Problem description »
Below are records with pictures. Reproduce exactly the lines from the line with "sectorizadas. Sobre la" to the line with "di un'area di", inclusive, and leave each picture out.
Data Start Marker
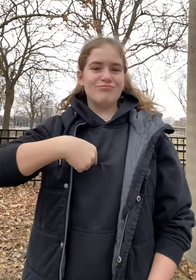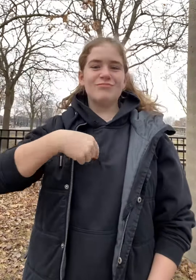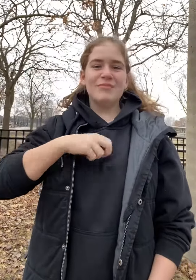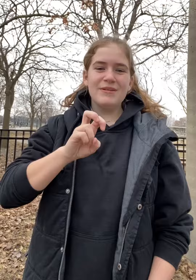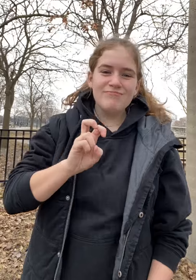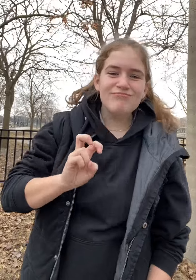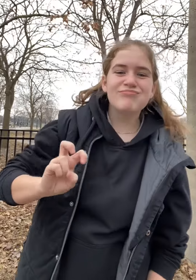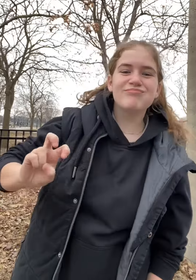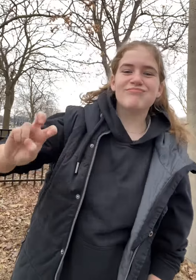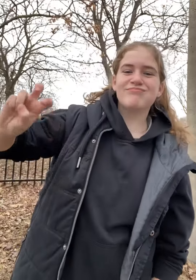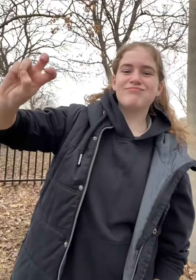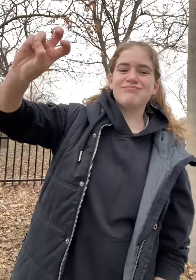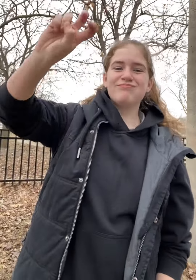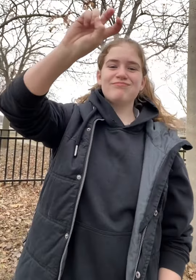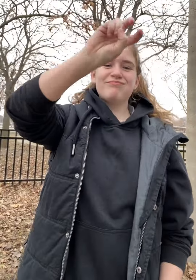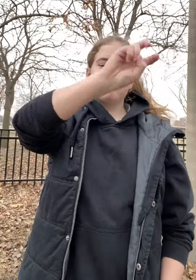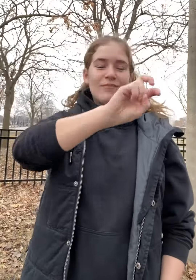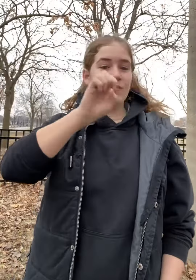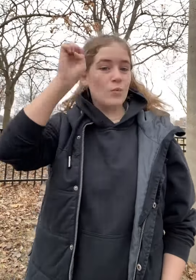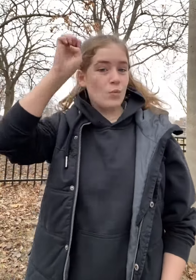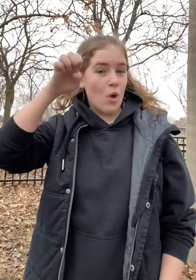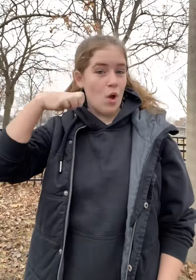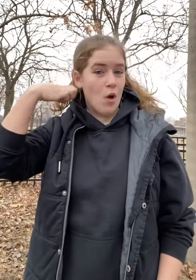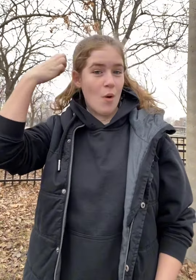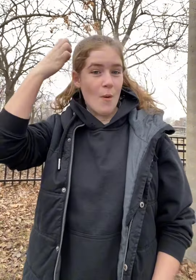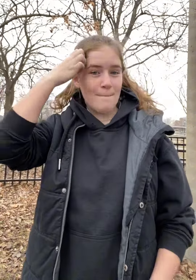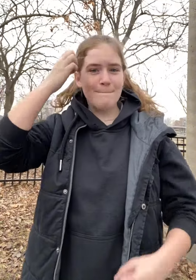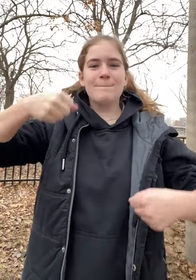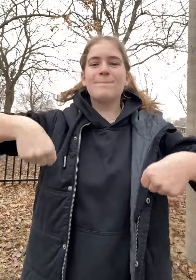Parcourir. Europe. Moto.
Data End Marker
Data Start Marker
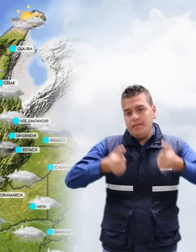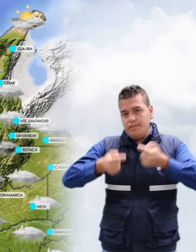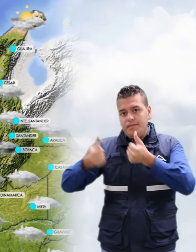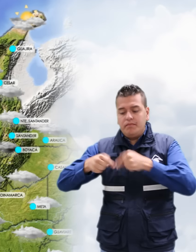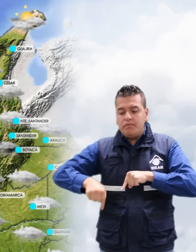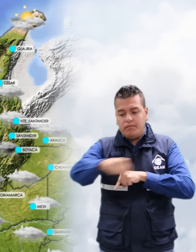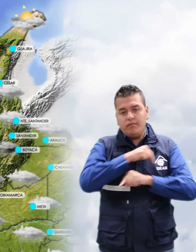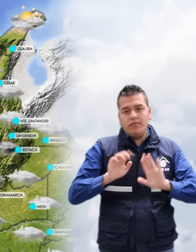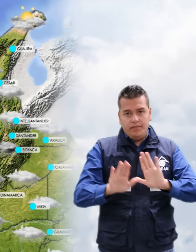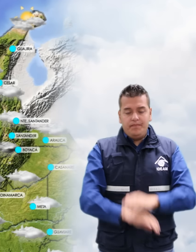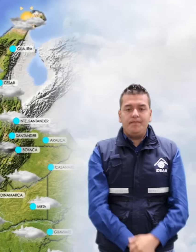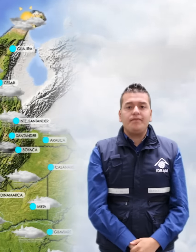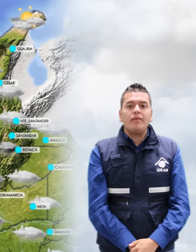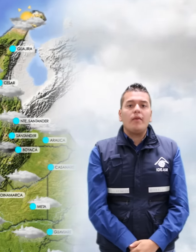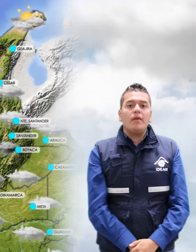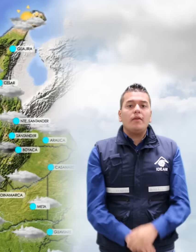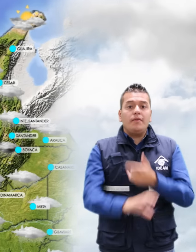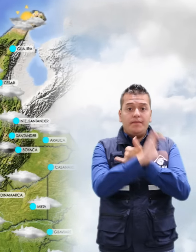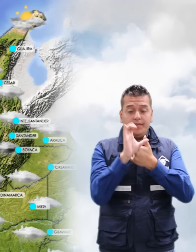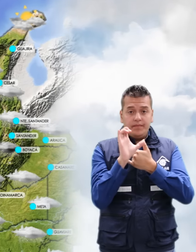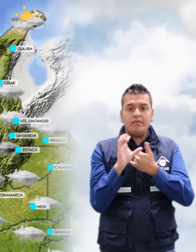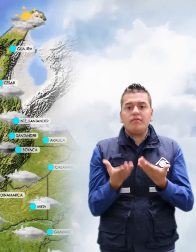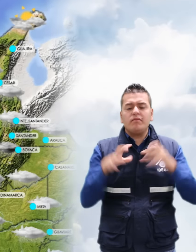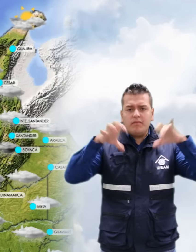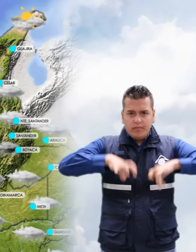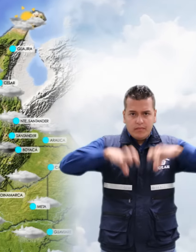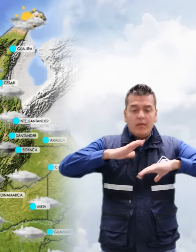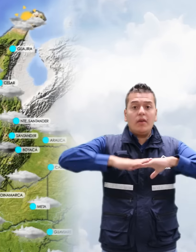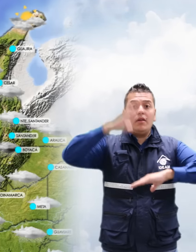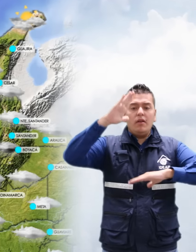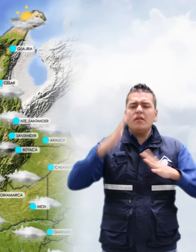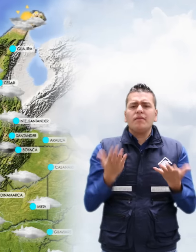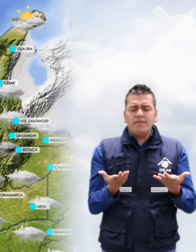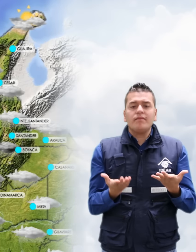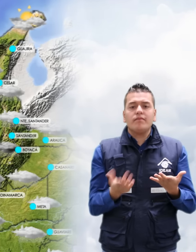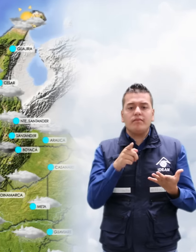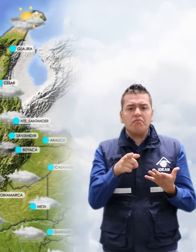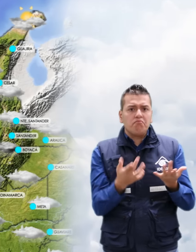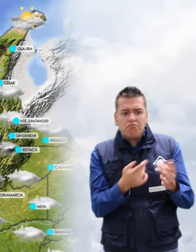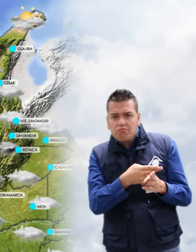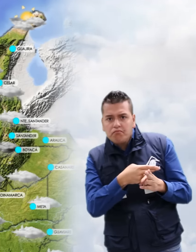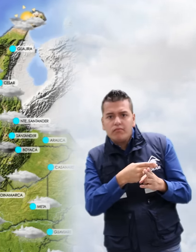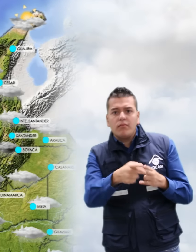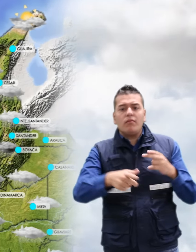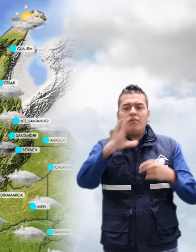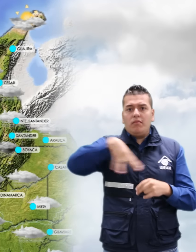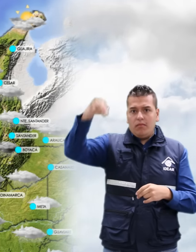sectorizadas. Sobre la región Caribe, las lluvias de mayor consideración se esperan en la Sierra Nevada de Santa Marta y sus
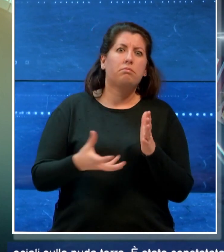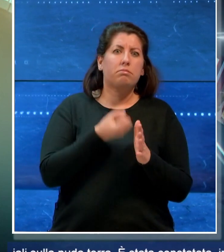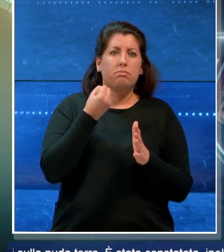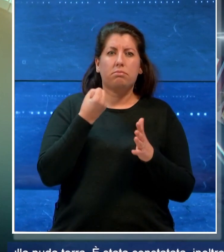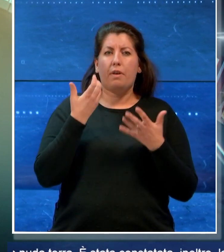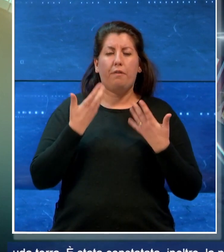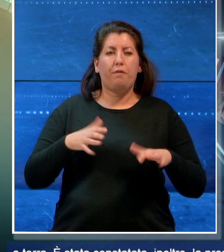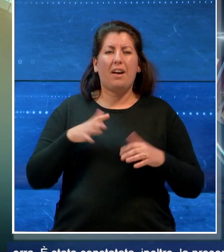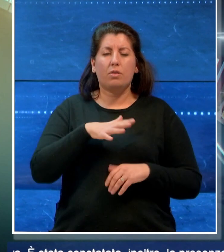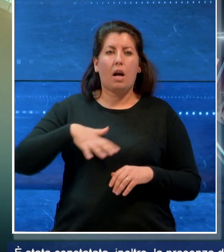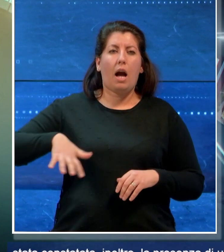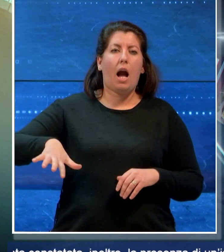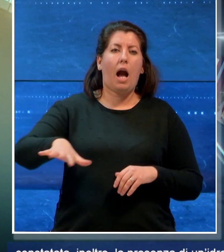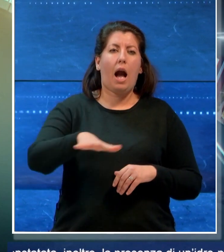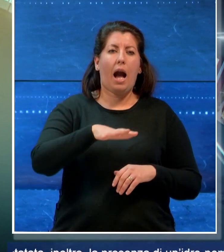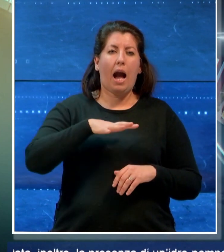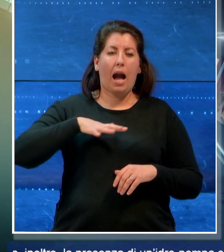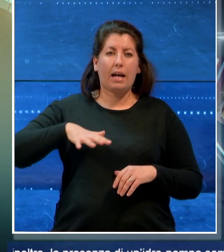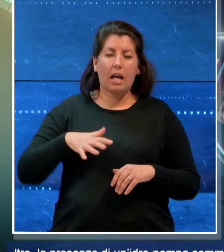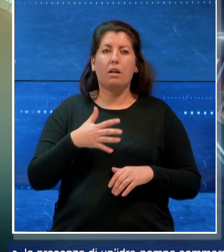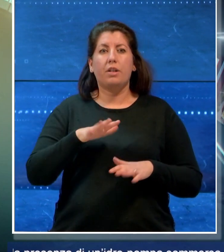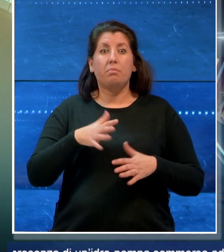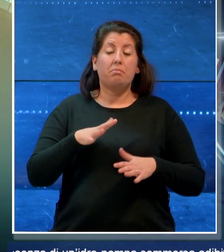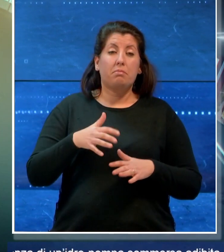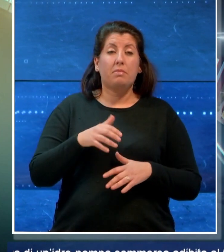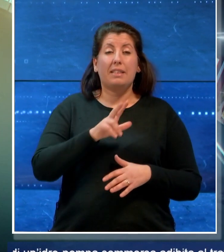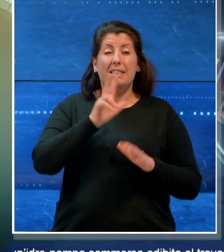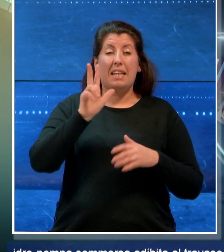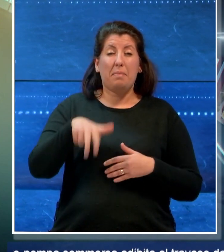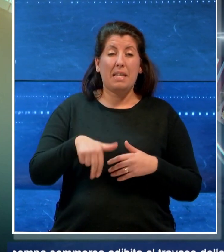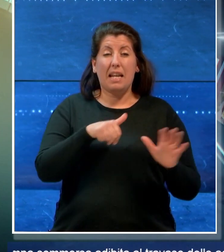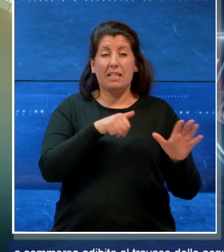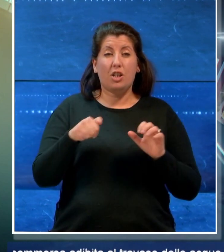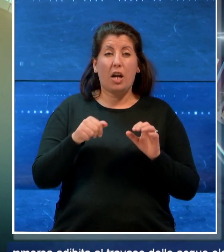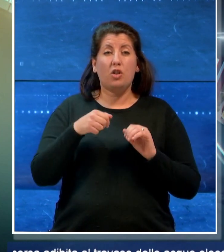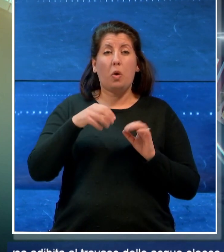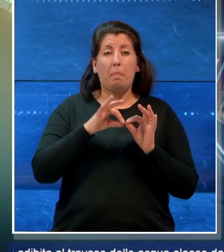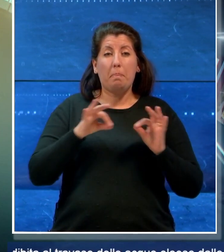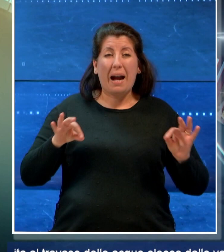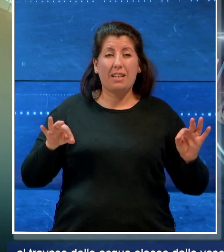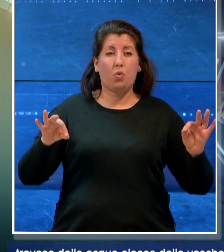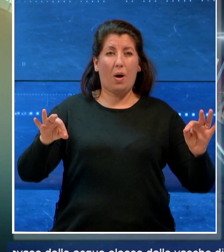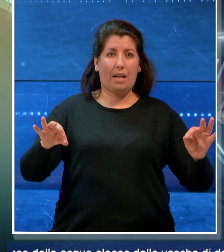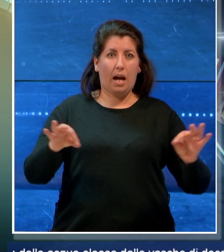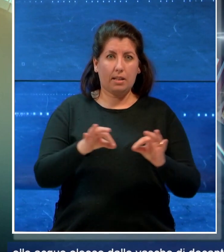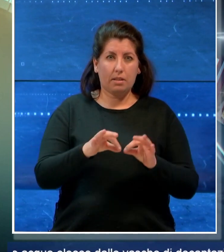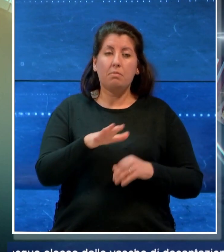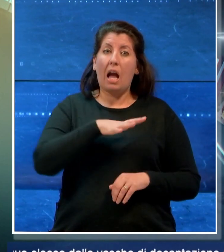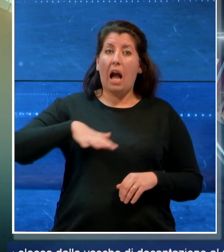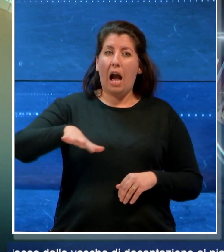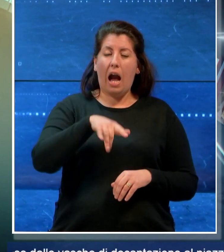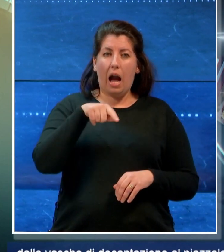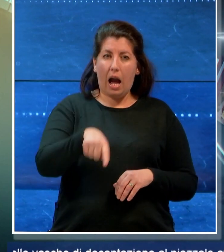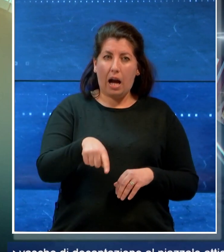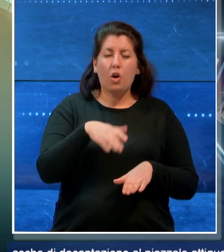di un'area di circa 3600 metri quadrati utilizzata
Data End Marker
Output »
sectorizadas. Sobre la región Caribe, las lluvias de mayor consideración se esperan en la Sierra Nevada de Santa Marta y sus
di un'area di circa 3600 metri quadrati utilizzata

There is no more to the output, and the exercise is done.